Taman Negara, the world’s oldest tropical rainforest, was as magical a place as you can imagine.
We stayed in the town across the river, Kuala Tahan, which was small but contained all we needed: proximity to the jungle, a lovely place to stay (Yellow Guesthouse, we totally recommend it), our favourite cheap and tasty breakfast (roti canai, I’m craving it now just thinking about it), and floating restaurants to find my favourite Malaysian dinner (satay, so tasty!).
The night safari was incredible. Even if we hadn’t spotted any animals, driving atop of a truck (literally on top, we were given the prize seating of the roof beside the driver’s son/torch bearer) through palm plantation at night was exhilarating. It was also neat to be searching for something and not knowing exactly what. But we were lucky and happened upon a few creatures. Hands down the coolest was a tapir! One of the oddest creatures I’ve ever seen – it looked like a mix between an elephant, an ant-eater, a warthog, and a panda. It’s stubby snout seemed to wave at us.
The next morning we ferried over the narrow river to finally step foot in the oldest tropical rainforest in the world. And though that title does build up expectations, they were totally met for me (E) and Matt (M)
E.: It was like walking into Jurassic Park. The energy from all the life and the sounds and sights were breathtaking. We climbed up and wobbled across the longest canopy walk in the world (well, the parts that were open, some had been deemed unsafe due to this year’s intense flooding during monsoon season). Though shaky steps were taken, there was never the hint of anything unsafe or the fear of falling….even when looking down…waaaaay down. Each tree landing linking the walkways reminded me of Ewoks. Everything about it was just awesome.

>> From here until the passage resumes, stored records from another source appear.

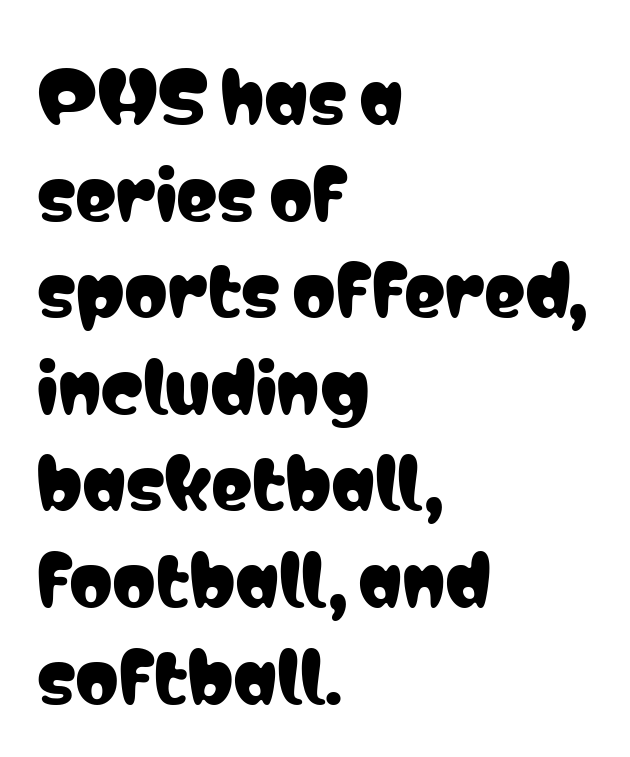
The image shows 69 px condensed sans-serif type, upright; set left-aligned, normal line spacing (1.4x), normal letter spacing, not underlined; low stroke contrast and a medium x-height.
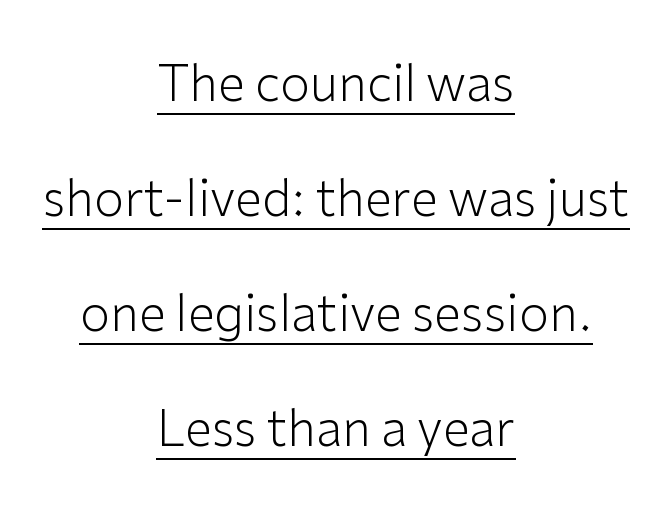
{"serif": "no", "italic": "no", "bold": "no", "weight": "light", "width": "normal", "stroke_contrast": "low", "x_height": "medium", "monospaced": "no", "underline": "yes", "align": "center", "line_spacing": "loose", "line_spacing_ratio": 2.35, "letter_spacing": "normal", "letter_spacing_em": 0.0, "glyph_px": 49}
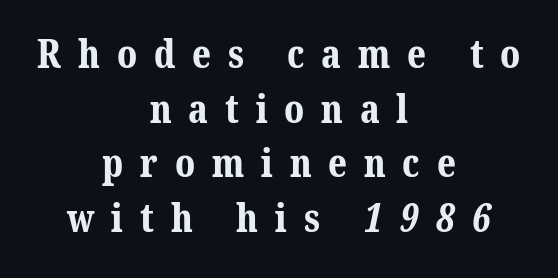
The image shows 39 px bold serif type; set centered, normal line spacing (1.4x), unusually wide letter spacing (+0.43 em), not underlined; medium stroke contrast and a medium x-height.
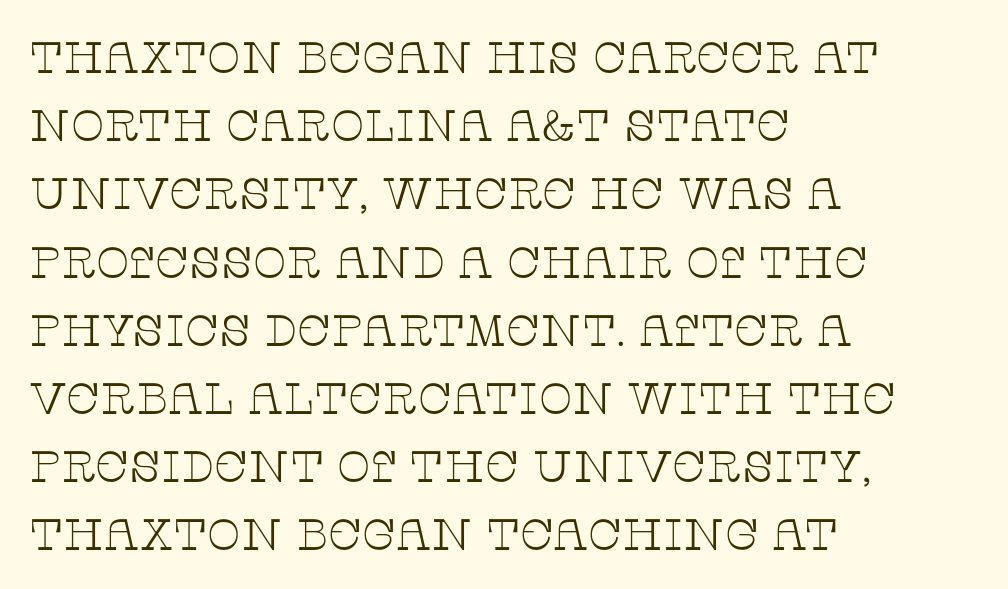
The image shows 44 px thin, wide serif type, upright; set left-aligned, normal line spacing (1.55x), normal letter spacing, not underlined; low stroke contrast and a large x-height.
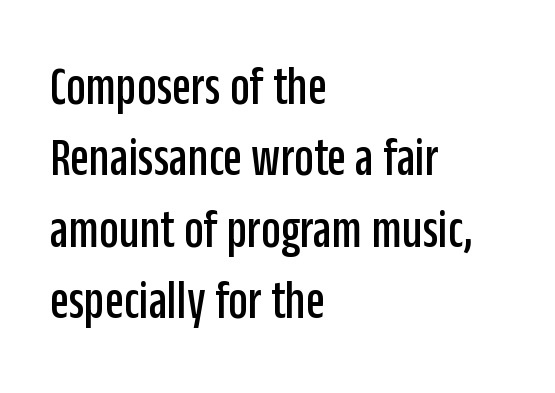
Only glyphs here, with clear space below each row. Notice how descenders clear the ascenders below comfortably — that's standard leading. The rendering shows plain stroke endings on the letterforms — a sans-serif design. The text block is weighted toward the left margin, trailing off unevenly rightward. Letter spacing: default.
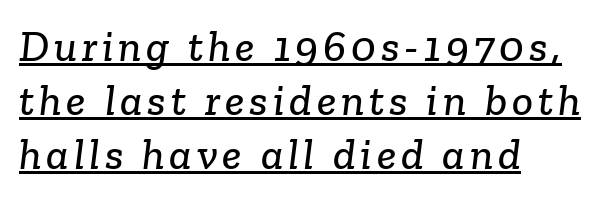
Students, observe the line beneath the letters — that is underlining. The designer went with a serif here, giving each stem small feet. Think of a printed novel: that variable character pitch is what you see here. Notice how the passage keeps a crisp vertical edge on the left only.
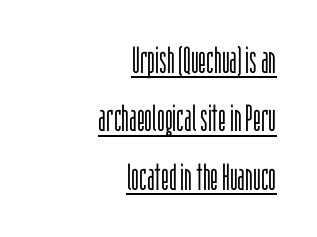
This sample uses a sans-serif face. The rendering uses a moderate line-height, typical for paragraphs. The passage is arranged like a letterhead date or caption credit — flush right. The letters sit at their default tracking, neither squeezed nor spread.
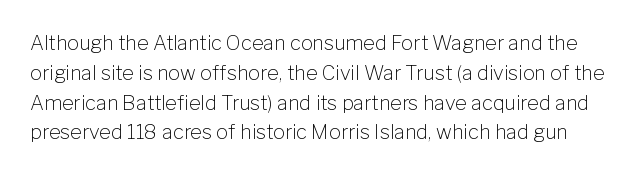
The cut favours lightness, reaching ordinary text weight at its darkest. Clear beneath every line of the passage. The type sits square on the baseline with zero lean. You could call the tracking neutral — neither tight nor loose.
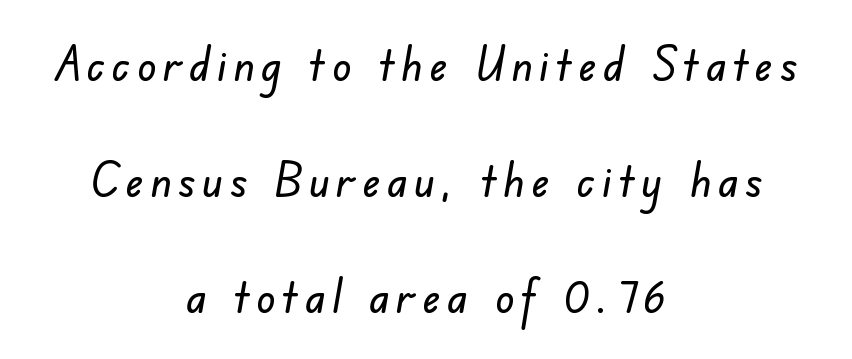
{"serif": "no", "width": "normal", "stroke_contrast": "low", "x_height": "small", "monospaced": "no", "underline": "no", "align": "center", "line_spacing": "loose", "line_spacing_ratio": 2.47, "glyph_px": 47}
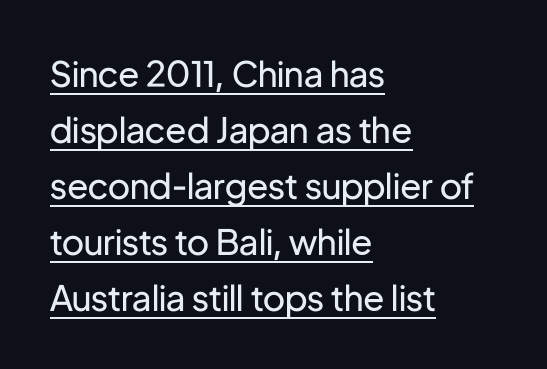
Q: Is the text bold? A: No.
Q: Is the text italic (slanted)? A: No, it is upright.
Q: Is the typeface a serif or a sans-serif typeface? A: Sans-serif.
Q: Is the text underlined? A: Yes.
Q: How is the paragraph aligned? A: Left-aligned.
Q: Is the spacing between letters normal or unusually wide? A: Normal.
Q: Is the spacing between lines tight, normal or loose? A: Normal.
Q: Width (condensed, normal, or wide)? A: Normal.
Q: Stroke contrast? A: Low.
Q: x-height? A: Medium.
Q: Monospaced? A: No.
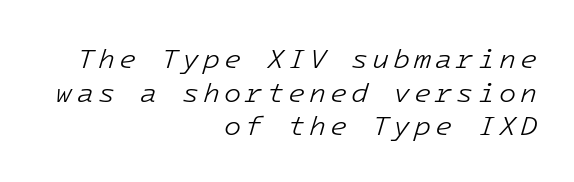
Q: Is the text bold? A: No.
Q: Is the text italic (slanted)? A: Yes, it leans right by about 16 degrees.
Q: Is the text underlined? A: No.
Q: How is the paragraph aligned? A: Right-aligned.
Q: Width (condensed, normal, or wide)? A: Normal.
Q: Stroke contrast? A: Low.
Q: x-height? A: Medium.
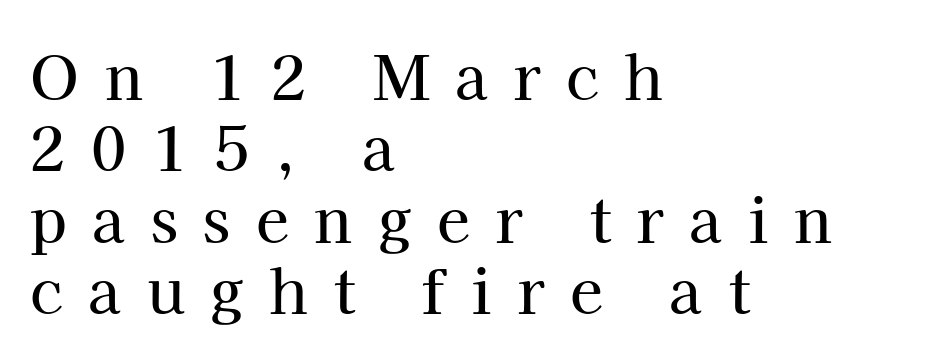
{"serif": "yes", "italic": "no", "width": "normal", "stroke_contrast": "high", "x_height": "medium", "monospaced": "no", "underline": "no", "align": "left", "line_spacing_ratio": 1.19, "letter_spacing": "wide", "letter_spacing_em": 0.43, "glyph_px": 60}
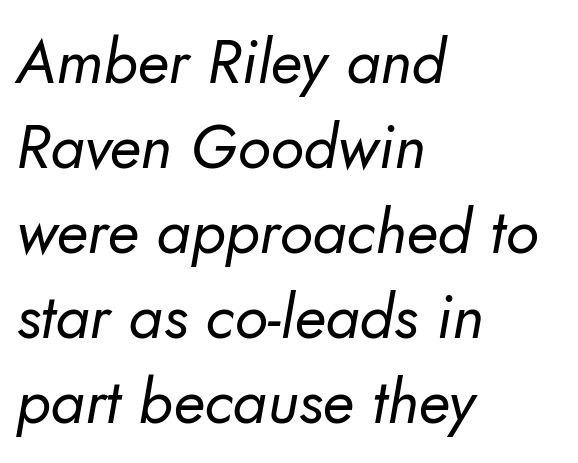
The image shows 62 px regular-weight sans-serif type; set left-aligned, normal line spacing (1.37x), normal letter spacing, not underlined; low stroke contrast and a small x-height.

We thought we’d go back and rest during the hottest part of the day post canopy walk, but it was so energizing we were on a nature high and had to keep going. Looking briefly at a map we spotted a circuit. The term “unbeaten track” really rung true here. Parts so steep I had to put all my weight into ropes when they were accessible – when they were broken or caught under fallen trees I had no shame and went down on my bum. Stairs we found were falling apart and more than once fallen trees blocked the sometimes barely visible “path”. We passed only three other people: a couple resting at the base of the super steep part and a man chasing insects in a woody area resembling Fern Gully. All the while we walked, the sounds of the jungle were a loud soundtrack; sometimes musical, sometimes scary, and sometimes real close. It was one of the most tiring and cool hikes ever (and tiring!).
M.: When I knew we were in close proximity to the oldest remaining tropical rainforest in the world, the nature lover in me really wanted to go. After seeing the staggering amount of deforestation across all of Malaysia (and reading the seemingly unfounded but extremely scary-if-true wikipedia claim that the rainforests of Malaysia will be completely destroyed with in the next 5 to 10 years), I knew I needed to go. It was a sad drive into the forest as you see patches of jungle followed by patches of clear-cuts followed by miles and miles of palm plantations. The green lushness of the plantations would almost be beautiful if I didn’t know at what cost they came.
It’s hard to describe just how excited I was to be standing in such a magical place. I have always had a love of nature, but a jungle of this magnitude was something else. The sounds, the smells, the freshness of the air, all so incredible. After years of exploring jungles, I am no longer so naive to think that when you walk into a jungle you will see all of the creatures big and small lounging in the trees or hanging out in the shade (but I still not-so-secretly wish they were).
While walking through the boardwalks and canopy walk was quite amazing, I felt let down that we had neither the time nor proper gear to go much deeper into the jungle to try and get a true glimpse of it, a place where maybe the other tourists realized talking really loudly to one another does not attract the animals you’re there to see… That’s in part what made the highlight of the day the road less travelled. It turned out that after the lookout we hiked to, we could complete a loop instead of retracing steps like everyone else. The path lead down a pretty steep pitch just steps from the lookout, and this was enough to scare most normal people off the experience. Luckily for us, I was not in the normal people mood and decided that, undaunted by lack of supplies or knowledge of where we were going or proceeding into the hottest part of the day, this was the road for us! As we hiked down the backside of this hill, I got the feeling that we were descending into the real forest, the less touristy part of the park. And for both better and worse, boy was I right! As we hiked this forgotten trail, we heard so many more animals (though hiking in the heat, we didn’t see many more) and really felt immersed in the jungle. This trail was much longer than we had bargained for, and definitely required more bush-wacking than anticipated. By the time we finally made it out the other side, we were pretty excited to see the main lodge and the ferry back to our side of the river.
M.E.: When we finally reached and collapsed into our beds in a sweaty mess, our limbs too heavy to move, muscles cramping from exhaustion and dehydration, we turned in pain to look at each other and said, “what an amazing day!”